Inside the body is not the only place where enzymes can be found. They are also used for other purposes, such as in washing powders, and also in the food industry. If clothes are stained with substances from animals or plants, these substances are often made up of particles such as proteins or fats. The easiest way to remove these is by adding protease and lipase to the washing powder, which break down the proteins or fats causing the stain. If washing powders contain enzymes, they are called biological washing powders. Originally, they only worked at warm temperatures, because at anything above about 40ºC they became denatured. However, this problem can be avoided by using enzymes from bacteria that naturally live in hot areas such as hot springs.
In the food industry, enzymes are used for a variety of purposes. They can be used to help make fruit juice by breaking down the pectin in the fruit, a substance that helps stick plant cells together. If this is broken down, the fruit is easier to juice because it is softer. When enzymes are used for a function such as this, they are immobilised to stop them from getting in to the fruit juice itself. Since they are catalysts, and so can be used over and over again, to lose them in the fruit juice would be a waste. Therefore they are attached to a substance called alginate, which is like agar jelly. When the fruit juice is filtered off, the alginate is left behind, and the enzymes are attached to it.
The enzyme amylase is also used in the food industry to create sugar. Normally, sugar is obtained from sugar cane or beet. However it is possible to obtain it from starch by using amylase, which breaks up the starch into sugar. Plants containing starch, such as potatoes, are crushed with water, and then amylase is added. This then digests the starch to form maltose. Sugars can also be converted to different kinds of sugar by enzymes. For instance fructose, a sugar that is sweeter than glucose, can be obtained by adding isomerase to glucose.
Recently it has become possible to use enzymes as biosensors. A certain enzyme is used to catalyse glucose into hydrogen peroxide and an acid. This is useful when testing blood sugar levels. The change in oxygen level caused by the enzyme is detected by the biosensor, and produces an electrical output depending on the amount of oxygen detected. This can be measured, and displayed on a screen. This kind of biosensor is very useful for diabetics, who need to monitor their blood sugar levels. It makes use of the property the enzymes have of being specific. Since the enzyme only catalyses one type of molecule, in this case glucose, only changes in the glucose level will produce a response in the readout. Also, because enzymes are not used up, the biosensor never needs to be replaced.
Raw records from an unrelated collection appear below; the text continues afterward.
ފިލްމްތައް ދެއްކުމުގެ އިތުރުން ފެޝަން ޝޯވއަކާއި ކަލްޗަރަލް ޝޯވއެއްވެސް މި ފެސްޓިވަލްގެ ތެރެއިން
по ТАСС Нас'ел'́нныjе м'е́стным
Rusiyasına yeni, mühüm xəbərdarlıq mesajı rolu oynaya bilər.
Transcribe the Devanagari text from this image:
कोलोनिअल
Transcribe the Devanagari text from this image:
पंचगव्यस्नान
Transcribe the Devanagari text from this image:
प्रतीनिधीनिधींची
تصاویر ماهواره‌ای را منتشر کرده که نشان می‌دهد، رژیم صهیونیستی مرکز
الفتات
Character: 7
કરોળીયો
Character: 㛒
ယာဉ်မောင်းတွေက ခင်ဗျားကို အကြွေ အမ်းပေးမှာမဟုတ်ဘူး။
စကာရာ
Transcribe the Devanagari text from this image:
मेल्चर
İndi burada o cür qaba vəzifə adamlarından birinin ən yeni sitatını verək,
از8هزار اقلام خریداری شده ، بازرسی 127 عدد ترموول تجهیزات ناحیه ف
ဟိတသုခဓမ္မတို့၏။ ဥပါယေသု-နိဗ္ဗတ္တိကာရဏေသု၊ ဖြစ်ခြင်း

Gritchka has also drawn my attention to another use for enzymes, this time in genetic research. In order for research to be carried out as to what certain genes do in a cell (a key step in research into HIV and AIDS, as one example), "molecular scissors" are used. More properly known as ribozymes, or catalytic RNAs, these scissors cut the RNA messages used to convey information from certain genes, so rendering the genes effectively useless.
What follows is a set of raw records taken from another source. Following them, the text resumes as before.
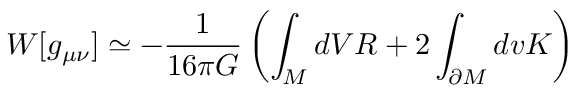
W [ g _ { \mu \nu } ] \simeq - { \frac { 1 } { 1 6 \pi G } } \left( \int _ { \cal M } d V R + 2 \int _ { \partial { \cal M } } d v K \right)
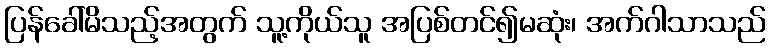
ပြန်ခေါ်မိသည့်အတွက် သူ့ကိုယ်သူ အပြစ်တင်၍မဆုံး၊ အက်ဂါသာသည်
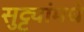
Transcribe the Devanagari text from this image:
सुट्ट्यांमधे
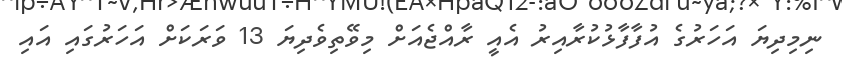
ނިމިދިޔަ އަހަރުގެ އުފާފާޅުކުރާއިރު އެއީ ރާއްޖެއަށް މިވޭތިވެދިޔަ 13 ވަރަކަށް އަހަރުގައި އައި
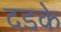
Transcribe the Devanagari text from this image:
दडके
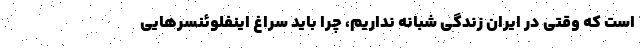
است که وقتی در ایران زندگی شبانه نداریم، چرا باید سراغ اینفلوئنسرهایی
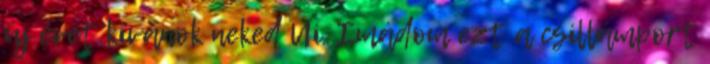
új évet kívánok neked Ui. Imádom ezt a csillámport
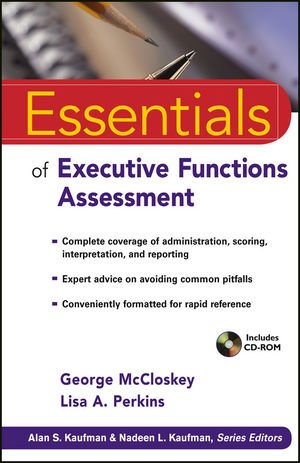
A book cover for Essentials of Executive Functions Assessment; George McCloskey; Medical Books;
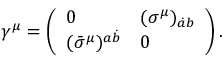
\gamma ^ { \mu } = \left( \begin{array} { l l } { 0 } & { ( \sigma ^ { \mu } ) _ { \dot { a } b } } \\ { ( \bar { \sigma } ^ { \mu } ) ^ { a \dot { b } } } & { 0 } \end{array} \right) .
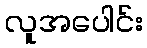
လူအပေါင်း
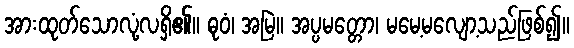
အားထုတ်သောလုံ့လရှိ၏။ ဓုဝံ၊ အမြဲ။ အပ္ပမတ္တော၊ မမေ့မလျော့သည်ဖြစ်၍။
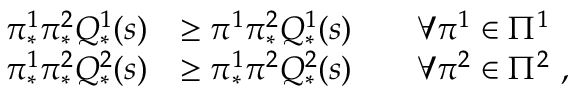
\begin{array} { r l } { \pi _ { * } ^ { 1 } \pi _ { * } ^ { 2 } Q _ { * } ^ { 1 } ( s ) } & { \geq \pi ^ { 1 } \pi _ { * } ^ { 2 } Q _ { * } ^ { 1 } ( s ) \qquad \forall \pi ^ { 1 } \in \Pi ^ { 1 } } \\ { \pi _ { * } ^ { 1 } \pi _ { * } ^ { 2 } Q _ { * } ^ { 2 } ( s ) } & { \geq \pi _ { * } ^ { 1 } \pi ^ { 2 } Q _ { * } ^ { 2 } ( s ) \qquad \forall \pi ^ { 2 } \in \Pi ^ { 2 } \ , } \end{array}
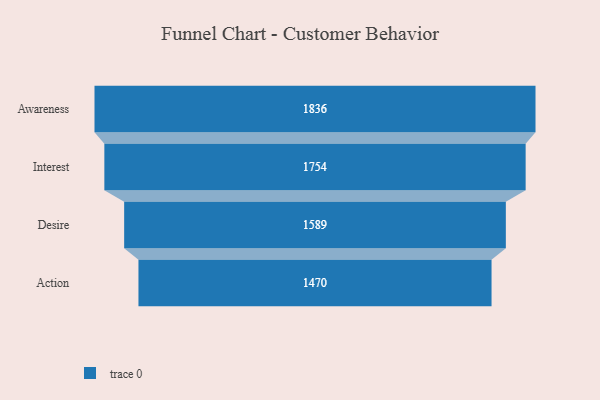
{"axis": {"x": "Stage", "y": "Value"}, "legend": [""], "data": [{"x": "Awareness", "y": 1836.0, "type": ""}, {"x": "Interest", "y": 1754.0, "type": ""}, {"x": "Desire", "y": 1589.0, "type": ""}, {"x": "Action", "y": 1470.0, "type": ""}]}
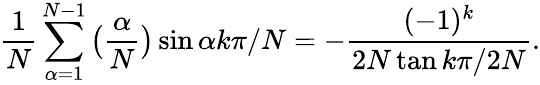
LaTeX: \frac{1}{N}\sum_{\alpha=1}^{N-1}\big(\frac{\alpha}{N}\big)\sin\alpha k\pi/N=-\frac{(-1)^{k}}{2N\tan k\pi/2N}.
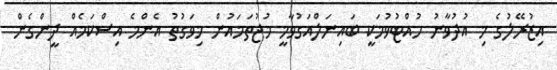
އިޒުރޭލުގެ މި އުދުވާނު ހުއްޓުވުމަކީ ބައިނަލްއަގުވާމީ މުޖުތަމައުން މިވަގުތު އެންމެ އިސްކަމެއް ދީންގެން
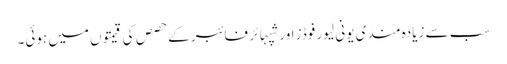
سب سے زیادہ مندی یونی لیور فوڈز اور شپہائر فائبر کے حصص کی قیمتوں میں ہوئی۔
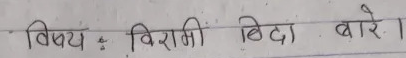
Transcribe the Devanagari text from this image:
विषय : विरामी बिदा बारे ।
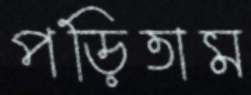
পড়িতাম
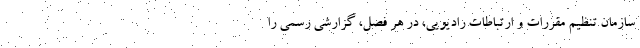
سازمان تنظیم مقررات و ارتباطات رادیویی، در هر فصل، گزارشی رسمی را

I say enzymes when talking about ribozymes, but there seems to be some dissent as to whether ribozymes really count as enzymes, since they are not actually proteins (see above, where I say "Enzymes themselves are all proteins"(!) I suppose the problem occurs because when the term was defined, all such biological catalysts were proteins (ribozymes were discovered in 1987). It all really comes down to definition. If you define an enzyme as a biological catalyst, then ribozymes are enzymes. If you include being a protein in the requirements, then they are not. Either way, ribozymes exhibit enzyme-like properties, which is why they are included here.